I'm kind of a "warm" sleeper and use a bag, so no issues so far. Glad you can get a refund/credit and get something you can use.
I've been using the short length NeoAir since summer 2012 and have used it many nights. Before that used an older Thermarest pad a few years and before that foam pads for 3 decades. My current NeoAir began intermittently slow leaking this year and need to give it the hot water in bathtub treatment again as my first attempt to find the leak was unsuccessful. Am a light sleeper and rather tolerant of uneven and hard sleeping surfaces in part because I am a light weight at 138# so my body does not press down as heavily. Note I move around very little if at all while sleeping. The NeoAir feels most comfortable if not fully inflated so parts of one's body bottom out that provides some stability.

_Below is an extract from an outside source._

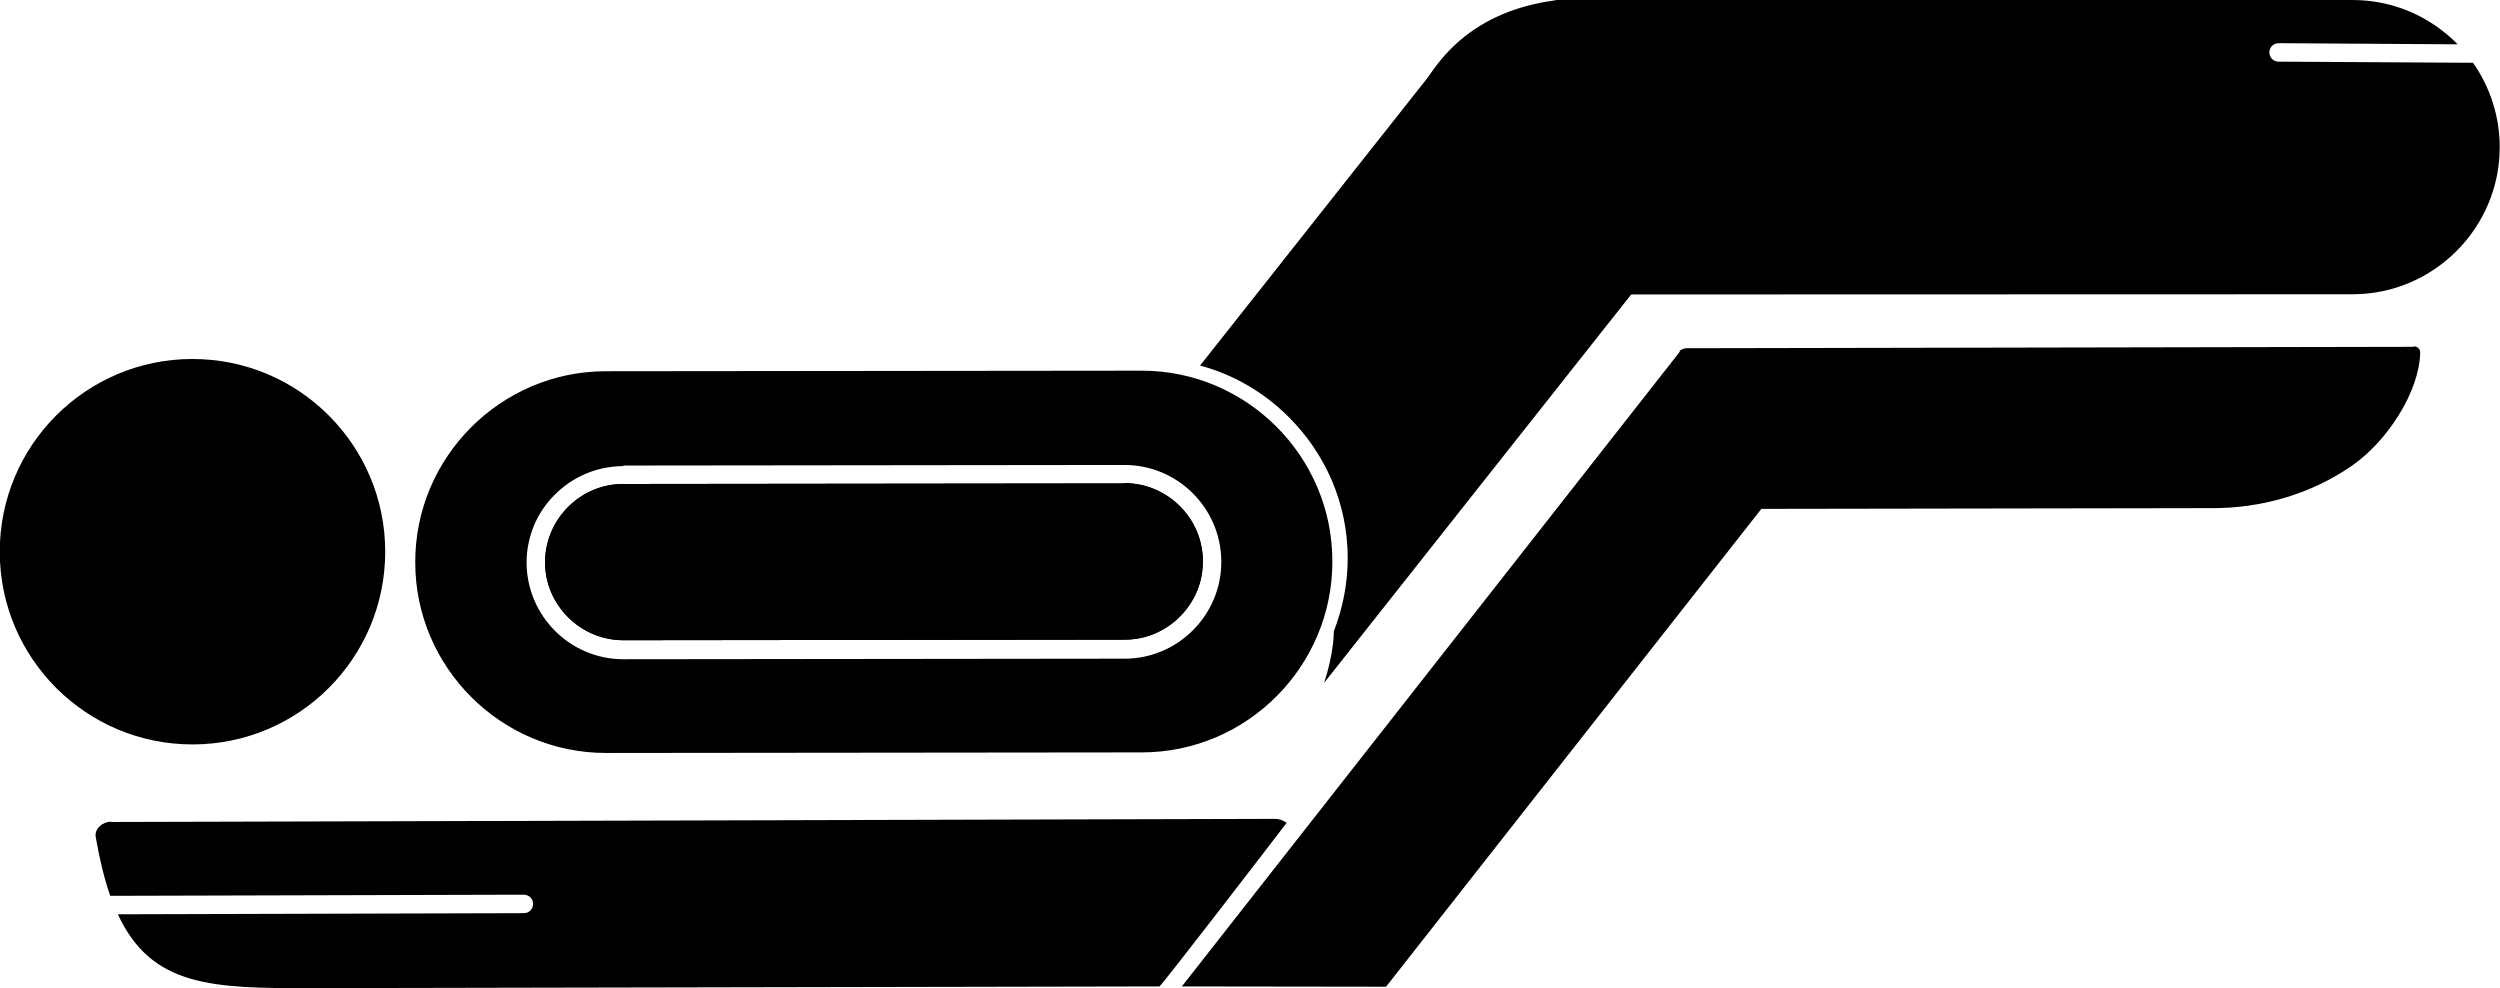 <svg xmlns="http://www.w3.org/2000/svg" xmlns:xlink="http://www.w3.org/1999/xlink" xmlns:xodm="http://www.corel.com/coreldraw/odm/2003" xml:space="preserve" width="26.997mm" height="10.674mm" style="shape-rendering:geometricPrecision; text-rendering:geometricPrecision; image-rendering:optimizeQuality; fill-rule:evenodd; clip-rule:evenodd" viewBox="0 0 88.02 34.8"> <g id="Camada_x0020_1">    <polygon class="fil0" points="59.16,12.36 41.61,34.73 48.8,34.74 66.37,12.37 "></polygon>  <path class="fil0" d="M42.26 12.86l8.64 -10.93 13.21 -0.01 -17.49 22.12c0.15,-0.45 0.25,-0.9 0.31,-1.35 0.02,-0.15 0.03,-0.31 0.03,-0.46 0.31,-0.8 0.49,-1.67 0.49,-2.57l0 -0.01c-0,-1.94 -0.8,-3.7 -2.08,-4.97 -0.85,-0.85 -1.92,-1.49 -3.12,-1.81z"></path>  <path class="fil0" d="M40.18 13.05l-18.85 0.02c-3.7,0 -6.72,3.03 -6.71,6.73l0 0c0,3.7 3.03,6.72 6.73,6.71l18.85 -0.02c3.7,-0 6.72,-3.03 6.71,-6.73l0 -0c-0,-3.7 -3.03,-6.72 -6.73,-6.71zm-0.59 3.97l-17.65 0.02c-0.76,0 -1.44,0.31 -1.94,0.81 -0.49,0.49 -0.8,1.17 -0.81,1.92l0 0.02c0,0.76 0.31,1.44 0.81,1.94 0.5,0.5 1.19,0.81 1.95,0.81l17.65 -0.02c0.76,-0 1.44,-0.31 1.94,-0.81 0.5,-0.5 0.81,-1.18 0.81,-1.94l0 -0.01c-0,-0.76 -0.31,-1.44 -0.81,-1.94 -0.5,-0.5 -1.19,-0.81 -1.95,-0.81zm-17.65 -0.63l17.65 -0.02c0.94,-0 1.79,0.38 2.41,1 0.61,0.61 0.99,1.45 1,2.38l0 0.03c0,0.94 -0.38,1.79 -1,2.41 -0.62,0.62 -1.47,1 -2.4,1l-17.65 0.02c-0.94,0 -1.79,-0.38 -2.41,-1 -0.61,-0.61 -0.99,-1.45 -1,-2.38l-0 -0.02c-0,-0.94 0.38,-1.79 1,-2.4 0.61,-0.61 1.45,-0.99 2.38,-1l0.03 0z"></path>  <path class="fil0" d="M39.59 17.02l-17.65 0.02c-0.76,0 -1.44,0.31 -1.94,0.81 -0.49,0.49 -0.8,1.17 -0.81,1.92l0 0.02c0,0.76 0.31,1.44 0.81,1.94 0.5,0.5 1.19,0.81 1.95,0.81l17.65 -0.02c0.76,-0 1.44,-0.31 1.94,-0.81 0.5,-0.5 0.81,-1.18 0.81,-1.94l0 -0.01c-0,-0.76 -0.31,-1.44 -0.81,-1.94 -0.5,-0.5 -1.19,-0.81 -1.95,-0.81z"></path>  <circle class="fil0" transform="matrix(-1.906 0.002 0.002 1.906 6.777 19.424)" r="3.56"></circle>  <path class="fil0" d="M3.93 28.94l40.98 -0.11c0.13,-0 0.28,0.06 0.39,0.14 -0.28,0.37 -4.42,5.76 -4.48,5.76l-29.8 0.06c-3.53,0.01 -5.68,-0.03 -6.87,-2.6l14.3 -0.04c0.18,-0 0.32,-0.15 0.32,-0.33 -0,-0.18 -0.15,-0.32 -0.33,-0.32l-14.56 0.04c-0.2,-0.58 -0.37,-1.26 -0.51,-2.07 -0.05,-0.29 0.24,-0.54 0.54,-0.54z"></path>  <path class="fil0" d="M54.77 0l28.07 -0c1.44,-0 2.75,0.6 3.69,1.56l-6.3 -0.04c-0.18,-0 -0.33,0.14 -0.33,0.32 -0,0.18 0.14,0.33 0.32,0.33l6.85 0.04c0.59,0.84 0.94,1.87 0.94,2.97 0,2.85 -2.33,5.18 -5.18,5.18l-34.13 0.01c0.09,-3.99 0.41,-9.6 6.06,-10.36z"></path>  <path class="fil0" d="M84.99 12.21l-25.63 0.05c-0.07,-0 -0.15,0.04 -0.22,0.09l-0 0 0.34 5.57 18.32 -0.03c1.82,0.02 3.57,-0.5 5,-1.49 1.24,-0.85 2.38,-2.6 2.41,-3.98l-0 -0.01c0,-0.06 -0.02,-0.11 -0.06,-0.15 -0.04,-0.04 -0.09,-0.06 -0.14,-0.07l-0.01 0z"></path> </g></svg>

An amusing thing about sleeping pads is once a person is asleep, a sleeping pad has no affect on whether a person will get a good night's sleep. Thus it is usually only when a person is trying to go to sleep that a comfortable pad is an issue. The person that makes the biggest deal about a comfortable soft and level sleeping surface is ironically the one that falls asleep fastest, is the most sound sleeper thus hard to wake up, sleeps the longest time, and probably snores haha. People in this era are rather wimpy in that regard because all our ancestors had to be content with much less and apparently did ok.
I have several thernarests including a large one for camping. When they came out (I think en the 70s) to me it changed backpacking. Most people sleep poorly at high elevation so we need all the help we can get.